À l'heure actuelle, il n'existe aucun mécanisme permettant de corriger la base d'imposition après coup dans ce cas.
Bien que la décote pour volatilité semble tentante, elle serait très difficile à quantifier et, surtout, aucune disposition ne la permet.
Toute tentative non justifiée pourrait être sévèrement sanctionnée par l'administration fiscale.
4. Décote pour illiquidité
Certains crypto-actifs échangés sur des DEX ou peu populaires souffrent souvent d'une moindre liquidité que les principales cryptomonnaies (bitcoin en tête).
Cela peut par exemple compliquer leur vente sans impact important sur le prix.
Ce manque de liquidité pourrait dans certains cas justifier la pertinence d’une décote, similaire à celle appliquée aux titres non cotés, pour refléter le risque qu’un investisseur ne puisse se défaire de ses actifs à un prix favorable. Ce principe pourrait s’appliquer particulièrement aux tokens à faible capitalisation ou aux projets émergents.
Certaines cryptomonnaies ou tokens peuvent en outre être soumis à des restrictions spécifiques à la revente, telles que des périodes de lock-up pour des investisseurs de projets blockchain (ICO). Ces restrictions, qui peuvent limiter la libre négociation des actifs, pourraient également justifier la pertinence d’une décote pour illiquidité.
5. Décote de minorité
Tout comme pour les titres de société, la détention de crypto-actifs dans des portefeuilles où l’investisseur n’a pas de contrôle direct sur la gouvernance ou la gestion du projet pourrait justifier une décote pour bloc minoritaire.
Bien que cette situation soit moins évidente avec les cryptomonnaies que dans les entreprises, elle peut se manifester dans certains projets de gouvernance décentralisée (DAO) où les droits de vote sont attachés aux tokens. Un investisseur avec peu de tokens n’aura que peu d'influence sur les décisions stratégiques, ce qui pourrait affecter la valeur de son portefeuille.
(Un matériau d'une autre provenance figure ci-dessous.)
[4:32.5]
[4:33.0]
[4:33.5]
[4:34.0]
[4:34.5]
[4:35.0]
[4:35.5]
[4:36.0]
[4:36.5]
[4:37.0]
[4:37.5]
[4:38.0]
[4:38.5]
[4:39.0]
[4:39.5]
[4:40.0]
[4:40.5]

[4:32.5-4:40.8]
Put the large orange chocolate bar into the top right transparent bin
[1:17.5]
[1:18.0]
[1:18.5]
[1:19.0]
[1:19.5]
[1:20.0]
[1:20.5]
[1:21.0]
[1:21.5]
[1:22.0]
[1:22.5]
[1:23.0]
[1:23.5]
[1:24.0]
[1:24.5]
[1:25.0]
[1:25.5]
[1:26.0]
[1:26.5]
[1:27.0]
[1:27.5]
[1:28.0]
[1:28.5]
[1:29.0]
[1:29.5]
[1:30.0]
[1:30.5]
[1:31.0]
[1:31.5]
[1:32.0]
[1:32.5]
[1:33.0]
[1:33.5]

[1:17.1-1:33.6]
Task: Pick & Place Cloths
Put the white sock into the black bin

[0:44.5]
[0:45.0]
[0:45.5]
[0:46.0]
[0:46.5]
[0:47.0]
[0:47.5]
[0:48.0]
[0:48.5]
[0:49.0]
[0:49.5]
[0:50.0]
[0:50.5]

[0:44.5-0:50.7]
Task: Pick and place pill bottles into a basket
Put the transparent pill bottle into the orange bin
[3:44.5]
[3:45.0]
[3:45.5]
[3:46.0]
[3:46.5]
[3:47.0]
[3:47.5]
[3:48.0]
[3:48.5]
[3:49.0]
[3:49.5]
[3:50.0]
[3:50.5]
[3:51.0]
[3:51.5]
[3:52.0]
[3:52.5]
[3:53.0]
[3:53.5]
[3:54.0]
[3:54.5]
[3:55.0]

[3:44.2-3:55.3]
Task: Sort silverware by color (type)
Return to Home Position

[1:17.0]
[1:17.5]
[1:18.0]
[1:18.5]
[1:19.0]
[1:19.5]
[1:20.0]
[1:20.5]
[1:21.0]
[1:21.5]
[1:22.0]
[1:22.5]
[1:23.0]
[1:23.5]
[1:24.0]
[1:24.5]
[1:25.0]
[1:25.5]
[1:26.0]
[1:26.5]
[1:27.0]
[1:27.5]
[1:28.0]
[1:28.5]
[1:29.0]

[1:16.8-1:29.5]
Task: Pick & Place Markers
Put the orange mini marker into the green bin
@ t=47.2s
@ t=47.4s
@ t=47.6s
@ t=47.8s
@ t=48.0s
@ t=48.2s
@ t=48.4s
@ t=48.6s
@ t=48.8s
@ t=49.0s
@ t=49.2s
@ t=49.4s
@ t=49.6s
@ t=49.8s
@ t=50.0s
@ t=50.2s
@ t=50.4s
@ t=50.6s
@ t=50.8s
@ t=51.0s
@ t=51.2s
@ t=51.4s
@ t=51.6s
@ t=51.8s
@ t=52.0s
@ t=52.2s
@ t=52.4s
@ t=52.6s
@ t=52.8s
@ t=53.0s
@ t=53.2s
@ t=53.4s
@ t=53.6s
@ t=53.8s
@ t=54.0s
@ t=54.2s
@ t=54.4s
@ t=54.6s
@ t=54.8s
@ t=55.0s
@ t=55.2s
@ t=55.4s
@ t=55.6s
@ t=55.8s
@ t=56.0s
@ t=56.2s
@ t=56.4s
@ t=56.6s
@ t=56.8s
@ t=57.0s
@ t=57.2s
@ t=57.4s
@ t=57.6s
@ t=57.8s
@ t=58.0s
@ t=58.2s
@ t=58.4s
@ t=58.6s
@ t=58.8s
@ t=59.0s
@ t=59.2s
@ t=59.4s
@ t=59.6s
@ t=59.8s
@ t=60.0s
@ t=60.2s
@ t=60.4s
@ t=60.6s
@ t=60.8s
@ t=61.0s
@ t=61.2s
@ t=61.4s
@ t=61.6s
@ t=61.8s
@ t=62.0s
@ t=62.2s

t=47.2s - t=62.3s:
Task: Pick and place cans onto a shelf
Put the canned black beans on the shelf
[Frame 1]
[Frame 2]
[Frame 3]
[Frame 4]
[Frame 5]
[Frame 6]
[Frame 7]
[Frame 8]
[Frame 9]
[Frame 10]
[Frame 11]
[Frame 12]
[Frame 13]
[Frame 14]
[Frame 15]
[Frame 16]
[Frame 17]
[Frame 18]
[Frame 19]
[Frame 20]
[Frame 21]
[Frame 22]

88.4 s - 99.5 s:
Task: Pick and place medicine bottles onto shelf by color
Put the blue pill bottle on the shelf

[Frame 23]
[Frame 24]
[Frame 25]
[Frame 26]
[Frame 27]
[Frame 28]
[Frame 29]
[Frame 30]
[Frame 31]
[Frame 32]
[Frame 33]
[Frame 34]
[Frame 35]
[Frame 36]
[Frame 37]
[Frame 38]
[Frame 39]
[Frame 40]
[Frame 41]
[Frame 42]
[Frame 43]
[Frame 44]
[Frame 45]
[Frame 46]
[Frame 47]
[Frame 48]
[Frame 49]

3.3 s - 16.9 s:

6. Cas spécifique : détention de cryptomonnaies via une société
La détention de crypto-actifs par une société peut compliquer la valorisation et justifier l’application de décotes ou surcotes spécifiques sur les titres de la société en cause. Par exemple, si une société détient des cryptos lui conférant une participation majoritaire dans un projet blockchain, une surcote pourrait être envisagée, à l’instar de ce qui peut se faire pour les titres de sociétés cotées détenus par une holding (Cour de cassation, 2015). Cependant, cette approche n’a pas encore été adaptée aux crypto-actifs dans le cadre légal actuel.
7. Actifs numériques spécifiques : NFT, tokens non listés et stablecoins
Les NFT (tokens non fongibles) ou les tokens non listés présentent des défis spécifiques en matière de valorisation. En l'absence de cours de marché stable, leur évaluation repose souvent sur des méthodes subjectives, telles que l'utilisation de comparables ou d'expertises indépendantes. Il est crucial de bien documenter les méthodes utilisées pour justifier la valorisation, car l’administration fiscale pourrait contester ces évaluations.
Pour les stablecoins garantis (qui permettent au détenteur de solliciter auprès de l’émetteur le « remboursement » de leurs stablecoins en monnaie légale) il pourrait être plus simple d’appliquer les règles relatives à l’évaluation des créances, simplifiant ainsi leur valorisation.
Conclusion
La valorisation des crypto-actifs pour les donations et successions (et bientôt l’ISF ?) reste une zone d'incertitude, nécessitant une approche rigoureuse et prudente. Bien qu’il soit tentant de recourir à des décotes pour volatilité, illiquidité, ou d’autres spécificités propres aux cryptomonnaies, il est essentiel de justifier chaque ajustement par des analyses solides et bien documentées. Toute erreur ou approximation pourrait entraîner des redressements fiscaux significatifs.
En cas de doute, il est possible de solliciter un rescrit fiscal afin d’obtenir confirmation des autorités fiscales sur la méthode d’évaluation retenue.